How to Love a Vulnerable Friend: Responding to the 'Transgendered'
Previously published on October 8th, 2018
First, thank you for your commitment to your friend. Sometimes devout, energized persons like you can help prevent an already vulnerable soul from doing further injury. I realize your friend is on the verge of doing just that by pursuing gender reassignment surgery.
Gender is not a product of the mind; it is a fact of our birth. To be sure, your friend has a deep conflict with his or her true gender self, for which one must only be compassionate. Such compassion flows from the truth. Your friend has a gender self, and to be at odds with that truth is a serious affliction. Your advocacy may help him or her to begin to resolve this identity confusion in the right way.

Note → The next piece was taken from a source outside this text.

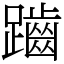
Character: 𪘏
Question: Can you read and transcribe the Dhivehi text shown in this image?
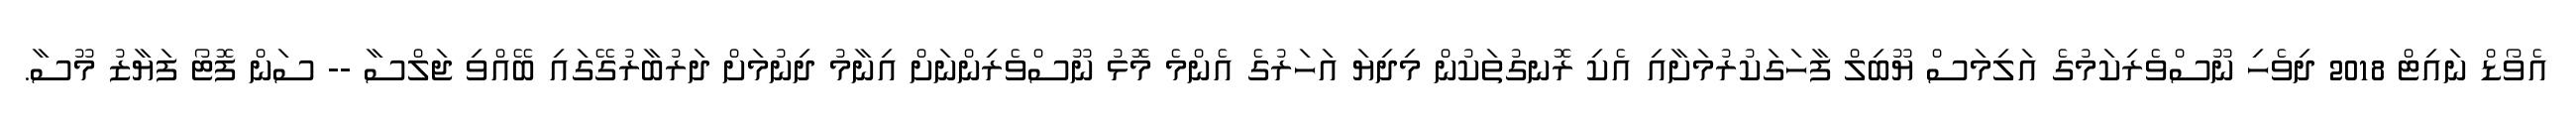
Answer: އެވޯޑް ނައިޓް 2018 ދިވެހި ނޫސްވެރިކަމުގެ އަލިމަސް ޔޫބިލް ފާހަގަކުރުމަށާއި އެކި ރޮނގުތަކުން މިދިޔަ އަހަރުގެ އެންމެ މޮޅު ނޫސްވެރިންނަށް އިނާމު ދިނުމަށް ދަރުބާރުގޭގައި ބޭއްވި ޖަލްސާ -- ސަން ފޮޓޯ ފަޔާޒު މޫސާ.

Your friend is not hearing the truth today, only pretty lies. To paraphrase Dr. Paul McHugh, the idea that gender is a matter of choice remains unquestioned in our culture and is utterly without scientific foundation. Studies reveal that despite terrific costs to all family members, gender reassignment surgery does not result in happiness but the same or worse mental health conditions than existed before the surgery, including drug addictions, psychotic disorders, and the risk of suicide.
Your friend is vulnerable to robbers and needs understanding and inspired care. This is a person who looks in the mirror and hates the reflection. He or she believes that self-acceptance lies in becoming the other gender. Wrong. I have worked with several persons whose ‘fantasy gender selves’ arose in response to profound distress. Their fantasy selves became their prison. It is a joyful labor of love to accompany the gender afflicted out of unreality and into the truth of their real selves.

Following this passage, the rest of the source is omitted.